Problem requirements: Among the entries that follow, find the lines containing the string "combinations" and copy them.

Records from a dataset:
....

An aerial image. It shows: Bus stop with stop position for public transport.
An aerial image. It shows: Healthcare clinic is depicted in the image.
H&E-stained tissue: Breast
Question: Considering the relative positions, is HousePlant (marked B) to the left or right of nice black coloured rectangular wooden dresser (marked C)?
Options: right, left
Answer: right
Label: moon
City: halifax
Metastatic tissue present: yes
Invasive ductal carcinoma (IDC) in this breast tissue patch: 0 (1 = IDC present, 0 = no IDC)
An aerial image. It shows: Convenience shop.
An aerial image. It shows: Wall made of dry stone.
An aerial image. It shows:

....

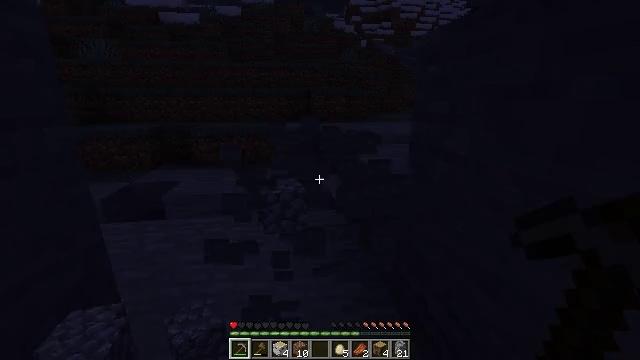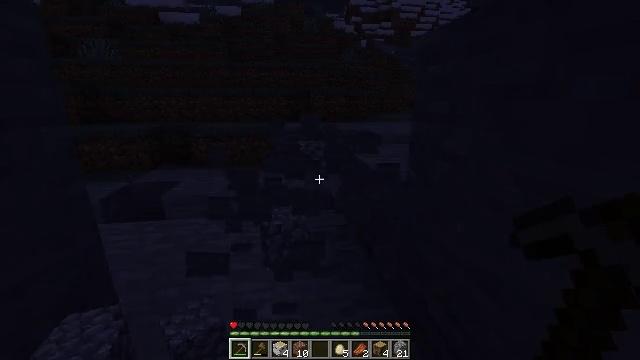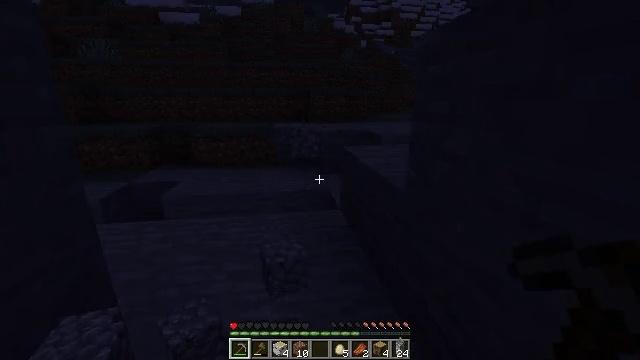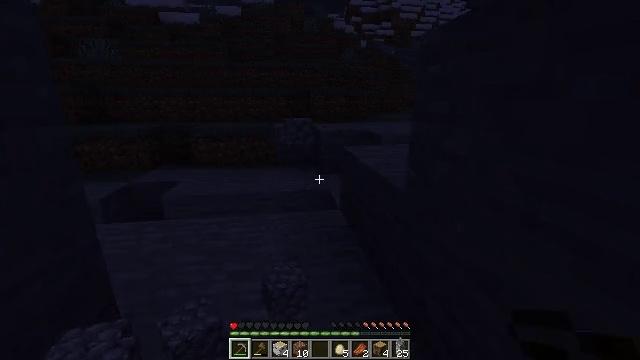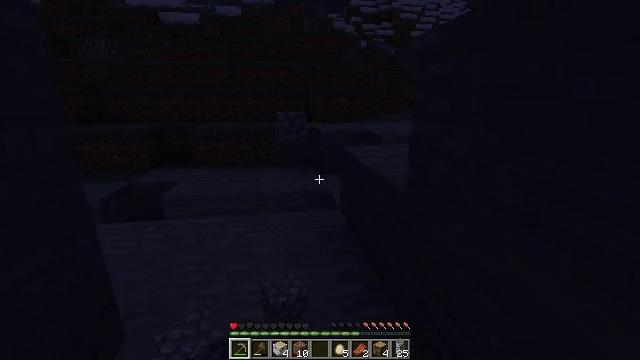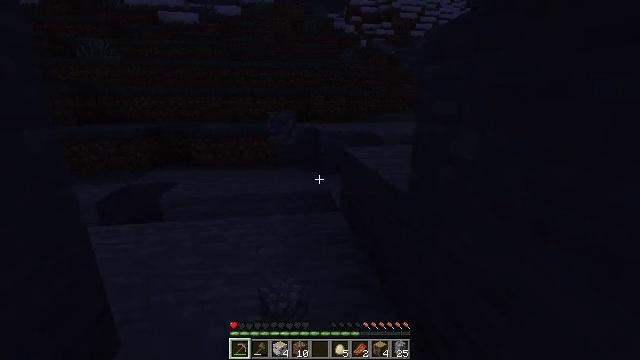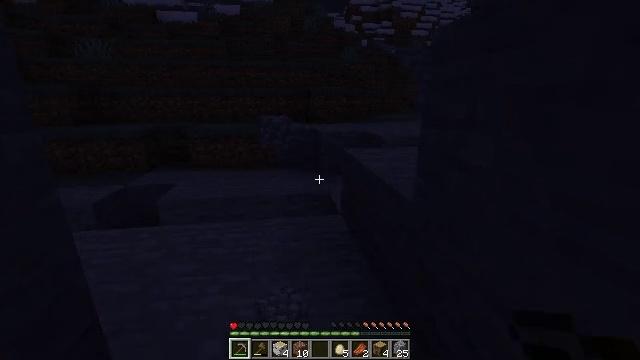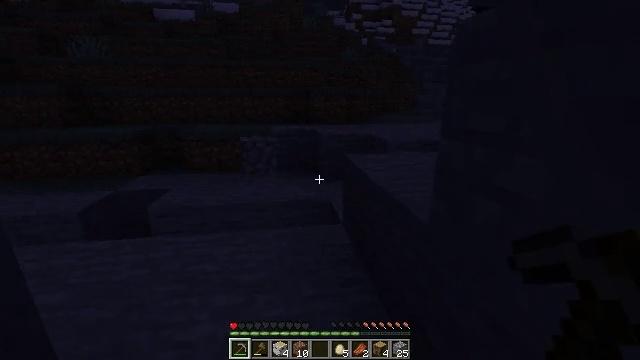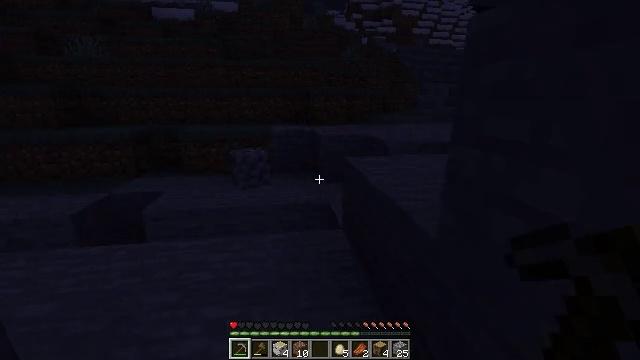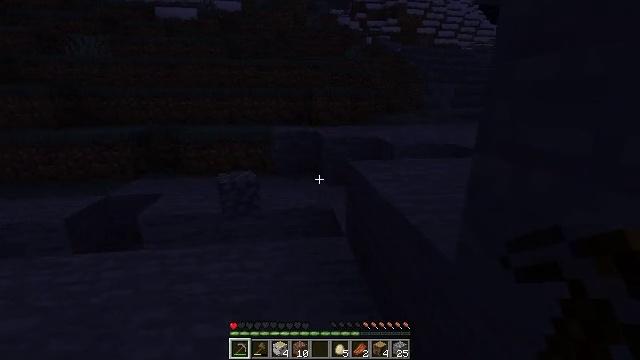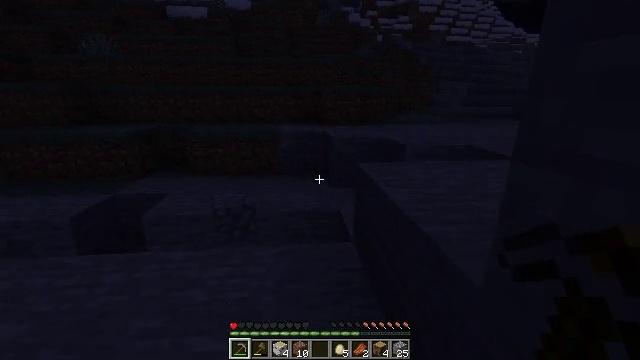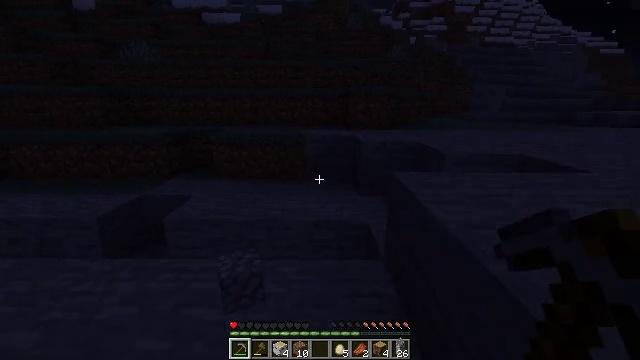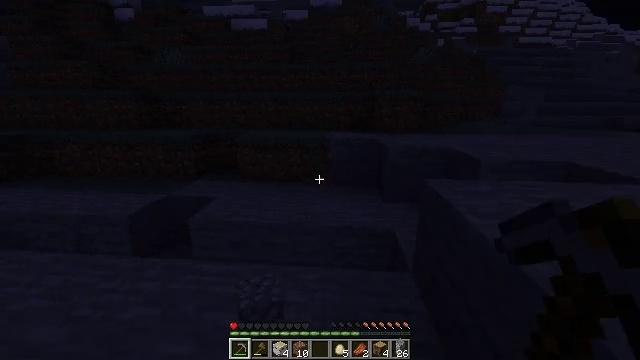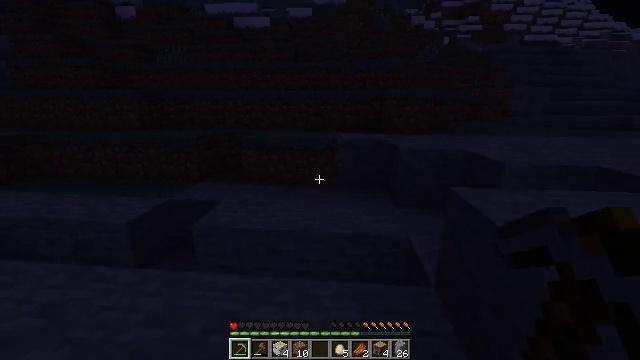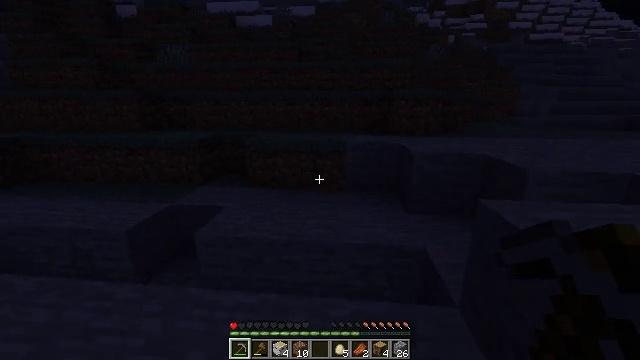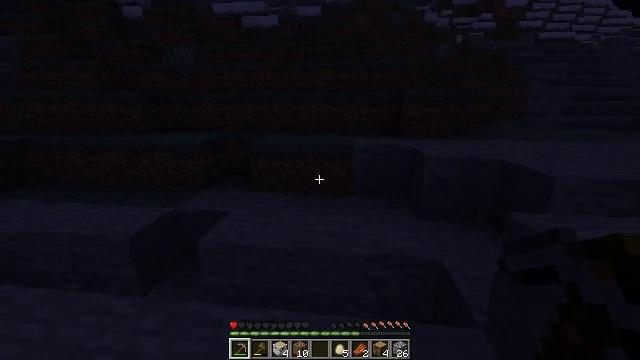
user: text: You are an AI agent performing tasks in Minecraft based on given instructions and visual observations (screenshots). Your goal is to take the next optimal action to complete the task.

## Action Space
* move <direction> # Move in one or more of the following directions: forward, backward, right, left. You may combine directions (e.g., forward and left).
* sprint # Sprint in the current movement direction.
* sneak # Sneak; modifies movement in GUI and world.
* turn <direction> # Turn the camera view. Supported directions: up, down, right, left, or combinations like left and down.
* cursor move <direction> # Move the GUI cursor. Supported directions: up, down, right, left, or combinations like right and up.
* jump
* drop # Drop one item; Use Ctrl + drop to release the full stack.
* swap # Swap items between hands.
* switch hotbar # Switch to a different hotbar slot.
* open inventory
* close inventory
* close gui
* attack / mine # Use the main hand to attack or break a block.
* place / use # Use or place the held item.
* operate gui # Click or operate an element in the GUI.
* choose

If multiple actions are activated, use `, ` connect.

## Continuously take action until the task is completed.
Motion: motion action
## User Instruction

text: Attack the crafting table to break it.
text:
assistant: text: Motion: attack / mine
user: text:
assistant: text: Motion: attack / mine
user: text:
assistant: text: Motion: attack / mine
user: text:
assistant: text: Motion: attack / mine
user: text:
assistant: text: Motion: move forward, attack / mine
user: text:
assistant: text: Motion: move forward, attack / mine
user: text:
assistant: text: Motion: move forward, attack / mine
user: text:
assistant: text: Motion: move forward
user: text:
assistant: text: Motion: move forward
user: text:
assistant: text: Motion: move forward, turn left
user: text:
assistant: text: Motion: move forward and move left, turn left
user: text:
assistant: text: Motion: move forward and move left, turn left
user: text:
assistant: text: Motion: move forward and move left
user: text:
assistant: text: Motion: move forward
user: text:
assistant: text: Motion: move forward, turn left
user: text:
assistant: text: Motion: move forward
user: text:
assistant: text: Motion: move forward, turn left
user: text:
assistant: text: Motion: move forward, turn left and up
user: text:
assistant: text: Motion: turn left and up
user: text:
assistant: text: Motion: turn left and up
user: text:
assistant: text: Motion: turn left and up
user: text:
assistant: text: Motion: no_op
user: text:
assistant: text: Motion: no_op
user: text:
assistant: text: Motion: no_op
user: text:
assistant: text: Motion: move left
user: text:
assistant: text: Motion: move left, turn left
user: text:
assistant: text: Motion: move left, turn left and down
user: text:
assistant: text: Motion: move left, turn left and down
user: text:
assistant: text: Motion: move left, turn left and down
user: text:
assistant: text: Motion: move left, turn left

....

Task output:
* turn <direction> # Turn the camera view. Supported directions: up, down, right, left, or combinations like left and down.
* cursor move <direction> # Move the GUI cursor. Supported directions: up, down, right, left, or combinations like right and up.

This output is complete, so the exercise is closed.